(The data begins)

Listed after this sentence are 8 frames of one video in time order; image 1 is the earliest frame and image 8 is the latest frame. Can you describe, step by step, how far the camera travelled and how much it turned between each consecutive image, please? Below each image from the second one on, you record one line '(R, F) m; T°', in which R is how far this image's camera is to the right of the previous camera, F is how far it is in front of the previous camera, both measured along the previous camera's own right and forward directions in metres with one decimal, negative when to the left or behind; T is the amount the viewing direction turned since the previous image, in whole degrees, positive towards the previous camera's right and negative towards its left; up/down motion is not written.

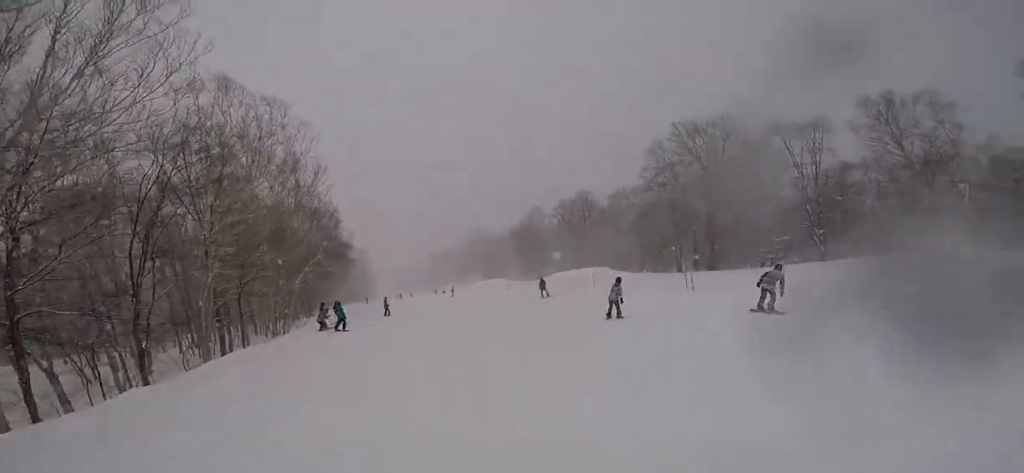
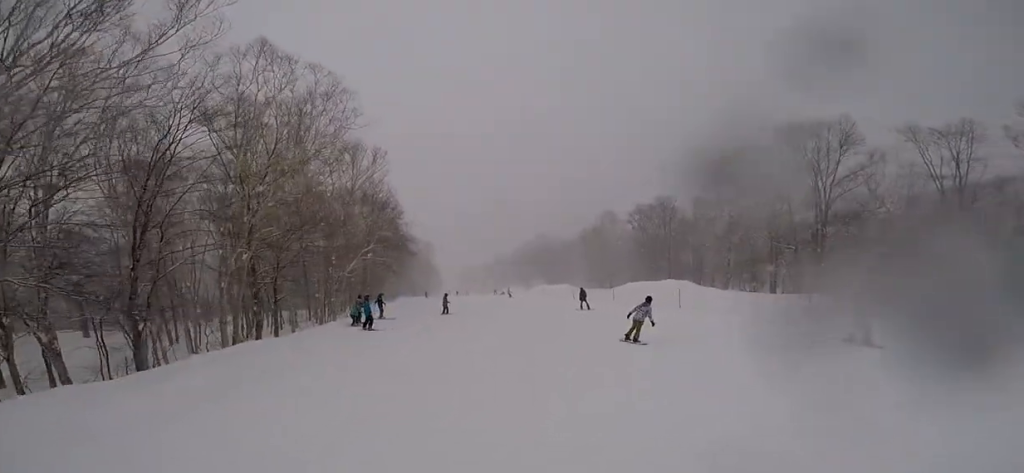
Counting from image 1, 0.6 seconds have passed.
(-0.2, +3.6) m; +6°
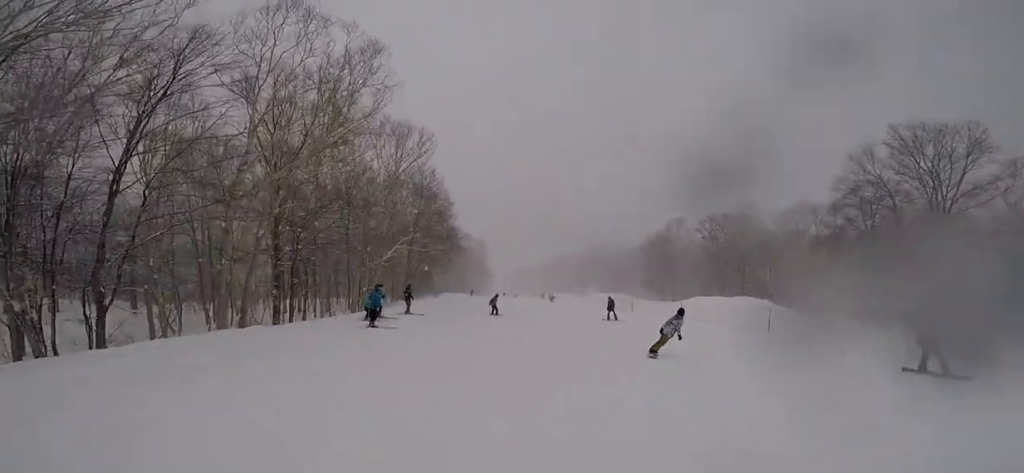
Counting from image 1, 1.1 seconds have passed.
(+0.5, +3.2) m; +1°
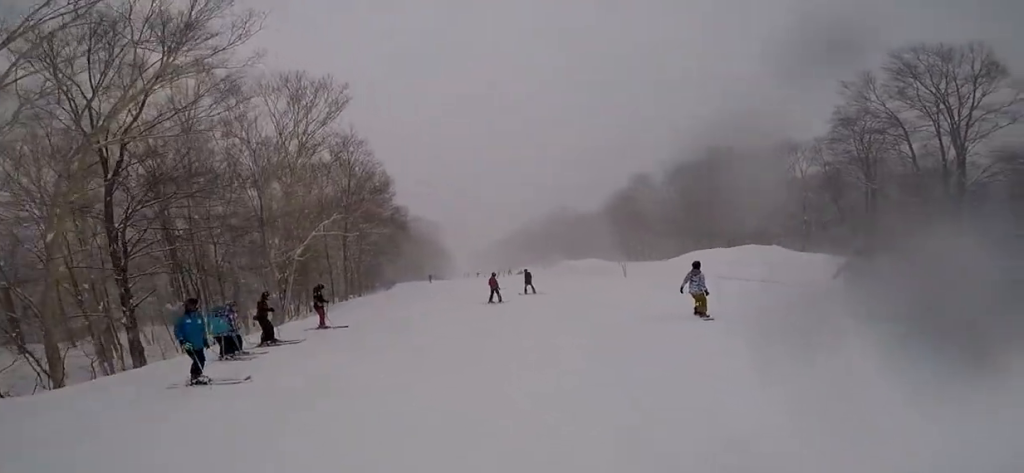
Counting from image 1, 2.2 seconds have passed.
(0.0, +6.6) m; -2°
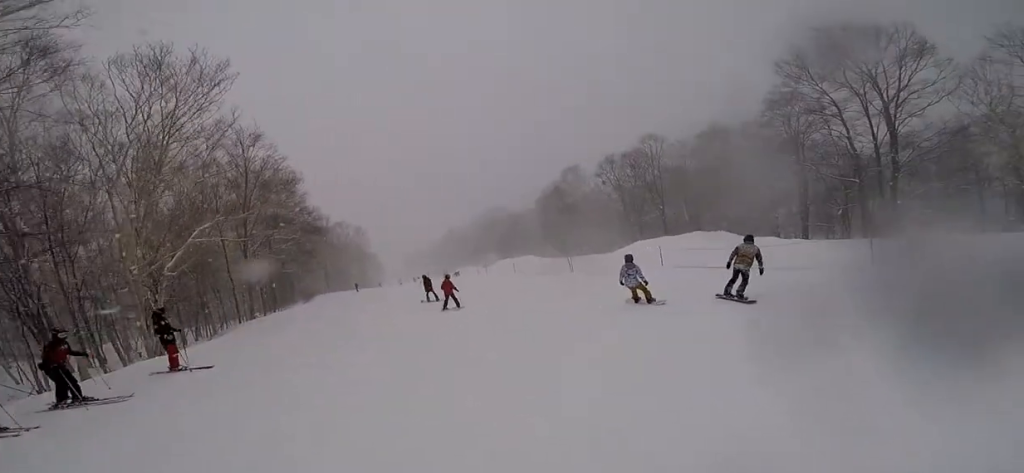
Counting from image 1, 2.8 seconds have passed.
(-0.2, +3.2) m; -2°
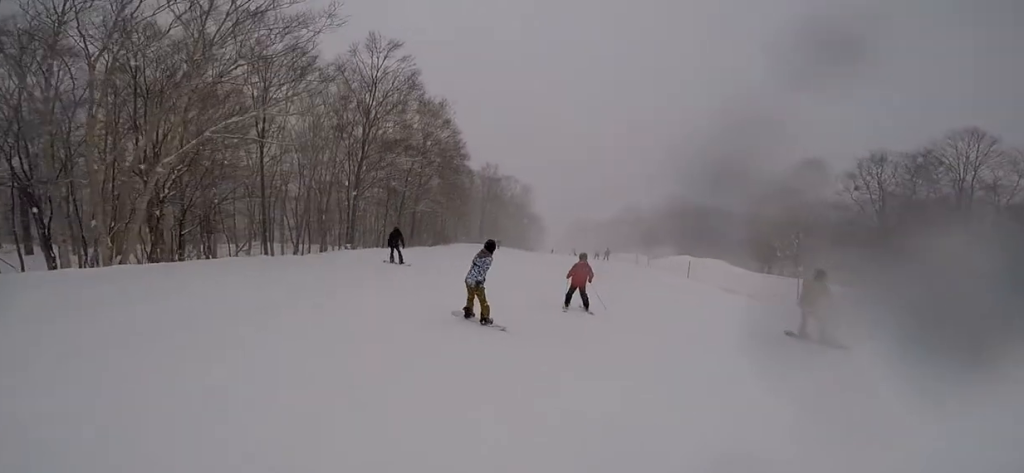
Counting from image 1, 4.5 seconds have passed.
(0.0, +8.5) m; -12°
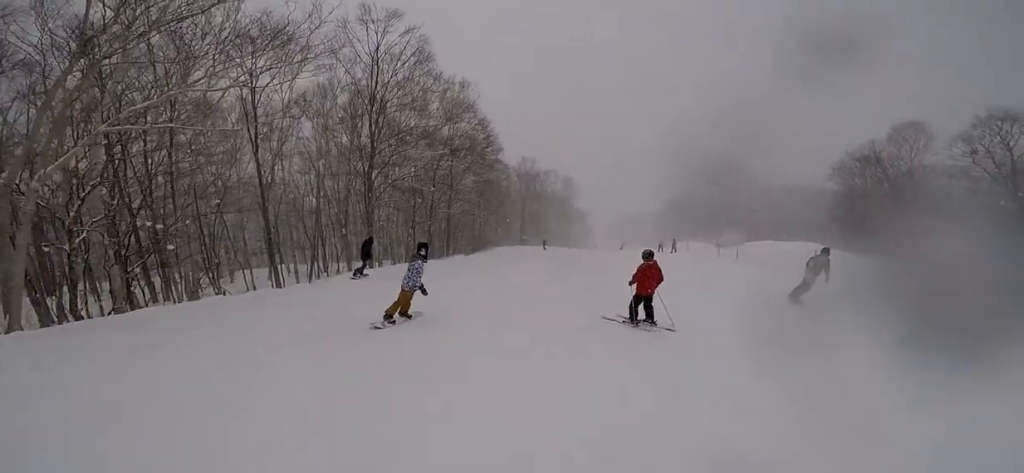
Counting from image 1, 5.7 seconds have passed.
(-1.0, +5.8) m; -21°
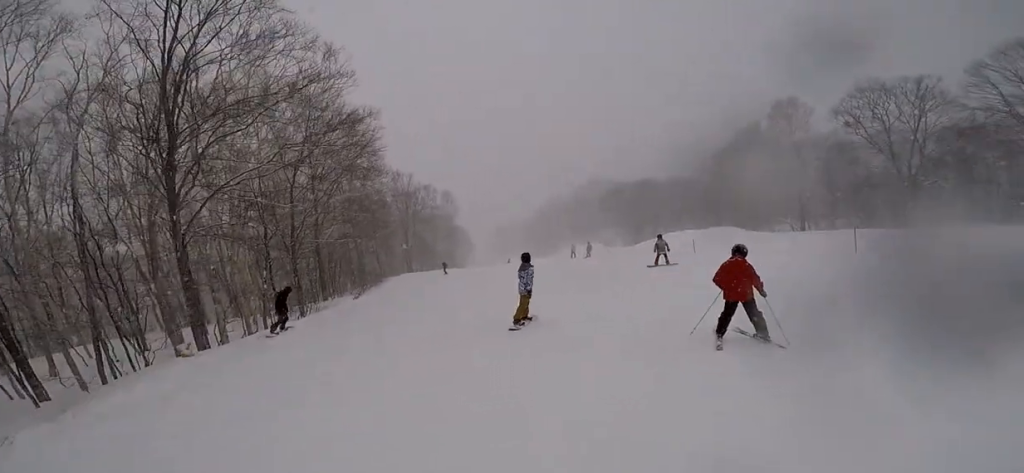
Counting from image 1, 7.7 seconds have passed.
(-0.3, +9.0) m; +8°

(The data ends)

#### What you need to do
Copy out exactly, without any pictures, the lines above that begin at the one with "Counting from image 1, 0.6" and end at the last line of the listing.

#### Finished exercise
Counting from image 1, 0.6 seconds have passed.
(-0.2, +3.6) m; +6°
Counting from image 1, 1.1 seconds have passed.
(+0.5, +3.2) m; +1°
Counting from image 1, 2.2 seconds have passed.
(0.0, +6.6) m; -2°
Counting from image 1, 2.8 seconds have passed.
(-0.2, +3.2) m; -2°
Counting from image 1, 4.5 seconds have passed.
(0.0, +8.5) m; -12°
Counting from image 1, 5.7 seconds have passed.
(-1.0, +5.8) m; -21°
Counting from image 1, 7.7 seconds have passed.
(-0.3, +9.0) m; +8°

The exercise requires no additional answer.